Shame is a deflating feeling of personal worthlessness—like when you’re suddenly laid off without explanation even though the company is doing well. You’re hurting, and you feel there’s nobody to blame but yourself. Yet you can’t for the life of you figure out what you did wrong. “There must be something wrong with me, but what?”

This is Shame. Not guilt, but shame. You just want to disappear, or lie in bed, hoping to wake up and find out that it was only a dream. You have to keep active so you won’t get depressed. Maybe you watch sitcoms on television and feel edgy as the men all act like fools. Shame. Or you get caught peeking in a window at a girl undressing. Shame on you! You write a brilliant story on a friend’s computer and forget to save it. You know you can never rewrite it as well. And you think, “Not again! How stupid can I get?” There’s a war going on in your guts, and both sides are losing. Shame turns to discouragement, depression, and anger at yourself.

That’s where this book comes in. You will learn here how to keep shame from overwhelming you. You won’t eliminate all shame from your life; no man can do that. But you can learn how to handle it before it breaks you spirit or manifests as a major disease. Healing shame can be an exciting adventure, and it might even get to be fun.

Shame shapes, controls, and limits men’s lives. It is men’s most powerful negative affect. It drives men to war, to uncaring pollution, and to violence. If we men are to become whole human beings, we will have to understand, confront, and surmount the shame that now creates havoc in our lives.

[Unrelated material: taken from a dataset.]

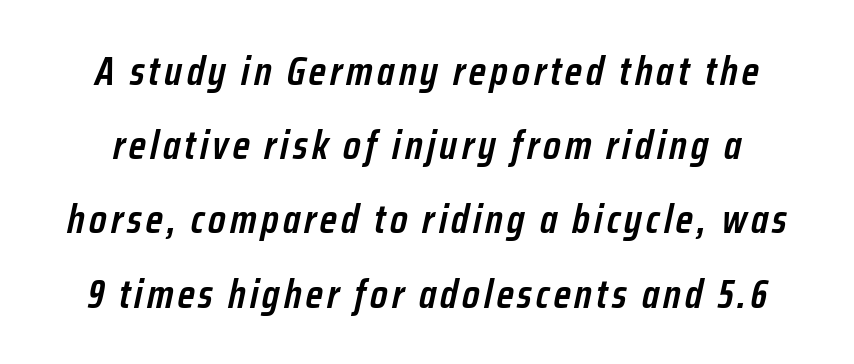
Note the varied advance widths — an 'i' is clearly narrower than an 'm'. The space directly below the letters is spotless. The glyphs look as if they've been sheared to an angle. Strokes here are thickened, but only to semibold level.

Women also experience shame, and are deeply wounded by it. Both men’s and women’s lives are restricted by the use of shame to enforce gender roles and to control and manipulate us. David Ault (Seattle,WA) once pointed out that the shaming epithet “Tramp!” is used against both men and women to enforce gender roles.

But from birth, males are also subjected to another devastating shame message. It tells men, with almost hypnotic effect, that we should feel ashamed simply because we are male. Whatever we may call this message -- The Shame of Maleness (Schenk) or Basic Male Shame (Gagnon) – it places us in a Catch-22 predicament. We are shamed when we deviate from our traditional gender roles, but shamed also when we conform to these same roles. The book explores the sources of this shaming.

It is no accident that men are greatly outnumbered among therapy and counseling clients. Not only must we surmount the shame of not being able to go it alone, but we also face a therapeutic format and mind-set that is often alien to men’s style and mode of feeling, and is sometimes overtly hostile to masculinity.

It appears that socialization of females tends to develop fear in women, who account for more than 90 percent of clinical phobias. In contrast, many men develop a shame-driven, foolhardy fearlessness. Some may appear to be shameless, both uncaring and careless. We suspect that they really harbor a huge burden of shame inside, which is so painful that they fear to show any of it, even to themselves. Perhaps there is also a “shamelessness” that women manifest in relationships.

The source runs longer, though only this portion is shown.